Es reicht mir, darauf hinzuweisen, dass es sicherlich nicht die Lösung unserer gesellschaftlichen Krise sein kann, äußere Zwänge zu verbreiten – zumindest kann es nicht der einzige Bestandteil einer Lösung sein. An dieser Stelle, so darf man mir es gerne vorhalten, bin ich Idealist: Wir werden sämtlichen Herausforderungen unserer Zeit nicht angemessen begegnen können, wenn wir es nicht schaffen, im Einzelnen die vernünftige Einsicht und den Willen zur Lösung des jeweiligen Problems zu generieren.

Es ist ein Bildungsproblem?

Ein Beispiel: Wenn jemand nicht einsehen will oder kann, dass eine Kohlenstoffdioxid-Steuer oder ein SUV-Verbot für ihn selbst und natürlich für andere Lebewesen sinnvoll ist, und diese stattdessen für einen Eingriff in die eigene Freiheit empfindet, dann haben wir hier in erster Linie ein Bildungsproblem.

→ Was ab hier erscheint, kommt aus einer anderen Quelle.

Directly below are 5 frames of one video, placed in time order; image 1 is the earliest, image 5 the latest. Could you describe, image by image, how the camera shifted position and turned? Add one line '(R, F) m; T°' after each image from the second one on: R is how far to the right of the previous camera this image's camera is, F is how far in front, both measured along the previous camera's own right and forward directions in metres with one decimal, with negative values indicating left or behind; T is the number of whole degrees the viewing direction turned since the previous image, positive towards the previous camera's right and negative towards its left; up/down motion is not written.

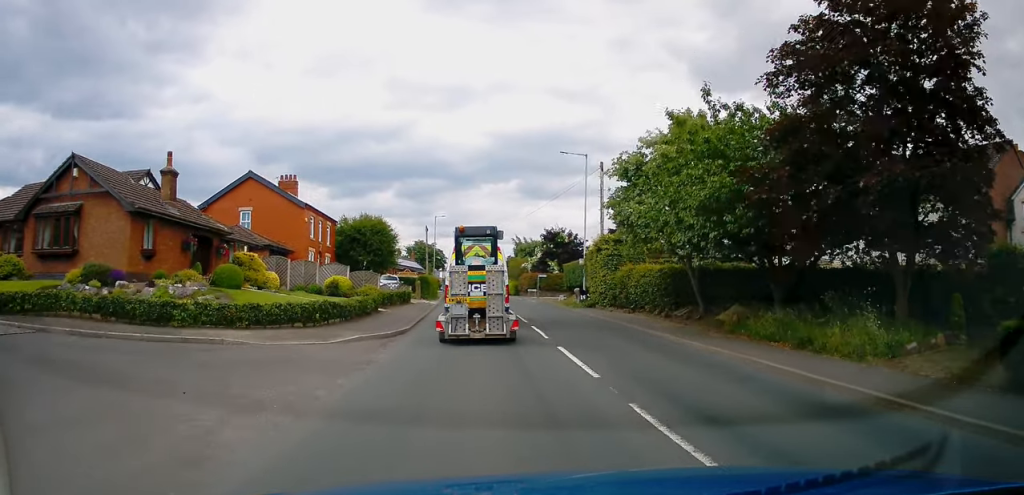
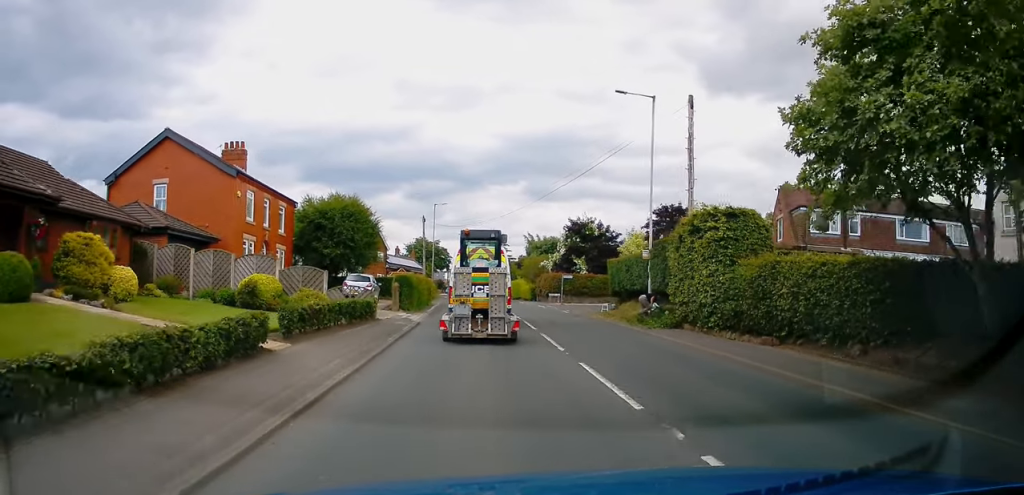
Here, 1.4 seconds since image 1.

Dasselbe gilt nicht nur für den Bereich, wo vernünftiges Denken aufhört, sondern auch für den Bereich der Herzensbildung: Wenn jemand nicht einsehen will oder kann, dass es Menschen in Not gibt, die ihre Heimat verlassen, weil sie fürchten müssen, dort zu sterben, und stattdessen darauf pocht, dass diese Menschen zurück in ihr Land geschickt werden, dann haben wir auch hier in erster Linie ein Bildungsproblem.

Aber dieses Problem reicht noch viel weiter: Wenn wir bittererweise einsehen müssen, dass wir zum Großteil Menschen in führenden Positionen haben, die sowohl auf Seiten der Vernunft als auch auf Seiten der Empathie erheblichen Nachholbedarf vorweisen, dann müssen wir zugleich feststellen, dass wir auch in diesem Bereich ein Bildungsproblem vorliegen haben.

Wir können noch so viele Gesetze und Zwänge einführen, die uneinsichtige Menschen zu lenken beginnen, aber dem grundlegenden Problem entkommen wir dadurch nicht. Eine Krise wird nur vorzeitig behoben, wenn ihre Quelle nicht beseitigt wird – irgendwann sorgt diese an einer anderen Stelle für eine andere Krise.

Ja, die Antwort auf die brennenden Fragen unserer Zeit misst sich letztlich anhand der Bildung. Leider lassen sich die Versäumnisse in diesem Bereich für die Gegenwart nicht mehr gutmachen, doch für die Zukunft bleibt Hoffnung.


Quellen und Verweise

[1] Global Footprint Network – Past Earth Overshoot Days, 2019.

[2] Global Footprint Network National Footprint Accounts, 2019.

[3] Vgl.: OECD: How’s Life? 2017: Measuring Well-being, OECD Publishing, Paris, S.38ff.